From here, the RAID is like any other filesystem. Pick a mount point, make sure to mount it "-o nodelalloc", and off you go.

CORRECTION: Debian kernel 2.6.26-1 does not support the "nodelalloc" mount option. I ended up installing kernel 2.6.27.7 from http://kernel.org/. As the "nodelalloc" option was only recommended for 2.6.26-based kernels, I am no longer mounting the ext4 filesystem with the "nodelalloc" option.

Installing Ubuntu 8.04 on an ASUS F8Va-C1 laptop

As my primary workstation, I just ordered an ASUS F8Va-C1 laptop from Newegg. On the surface, this thing looked slick. 2.53GHz Intel Core2 Duo processor, 4GB of RAM, ATI Radeon 3650 video card with 1G dedicated VRAM, and a 320GB HDD. It came with Vista installed, but I figured I could just resize the Windows partition and install Ubuntu. The best laid plans...

I decided to go with Ubuntu 8.10, Intrepid Ibex. Lacking a CD burner on my current machine, I had one of my colleagues burn a copy for me. I put the CD into my new laptop (after spending a good 15 minutes trying to figure out that F2 was the key to get into the BIOS - serves me right for not RTFMing) and turned it on. Splash screen came up, and eventually I was presented with a white screen and nothing more. No sounds, no cursor, nothing.

Then I tried 8.04, and at least got the LiveCD to boot. I tried doing the install from the LiveCD, but ended up getting SquashFS errors (i.e. bad sectors on the CD). I took the thing home after work, burned an 8.10 CD according to the Coasterless CD burning instructions for Linux (just in case I was having issues caused by a poorly-burned CD), and had the same results. I burned an 8.04 CD using the same instructions and got a little further, but again got SquashFS errors. I booted the CD via an external drive I had laying around, and got even further, but still got SquashFS errors. As it was the night before Thanksgiving, and I had to be up at 0500 to brine the turkey, I decided not to play with it any further.

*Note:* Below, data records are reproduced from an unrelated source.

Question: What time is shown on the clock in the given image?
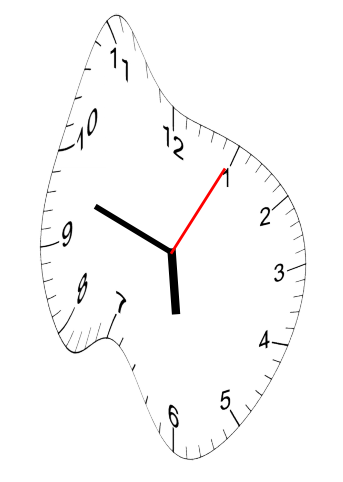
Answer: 05:48:05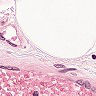
Metastatic tissue present: no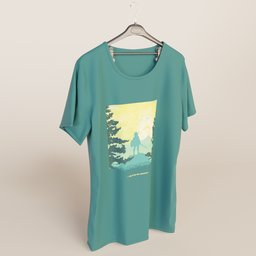
Label: people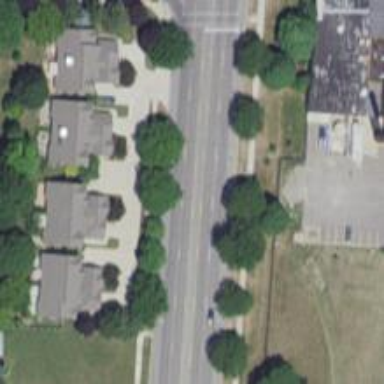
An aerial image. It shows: Secondary road with separate sidewalks.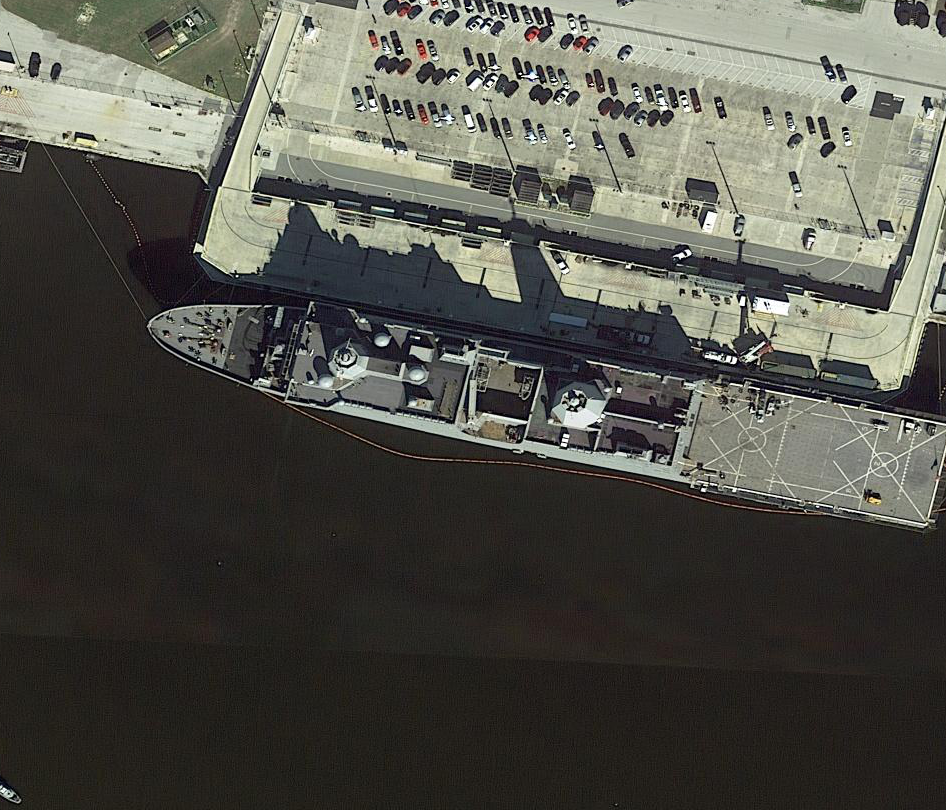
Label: combat

Today I brought the laptop back into work and installed an Ubuntu 8.04 network install image onto a USB stick using UNetbootn. So far, this is going well. I've been able to set up my disk using LVM (unfortunately, in all the installation attempts I deleted the Vista install, but hey, it's Vista. I'll likely be putting XP Pro on the Windows partition.) I'm keeping my fingers crossed...

Those SquashFS errors, though, have me worried. I suspect that the laptop's internal CD drive is messed up - I need to do some tests to be sure.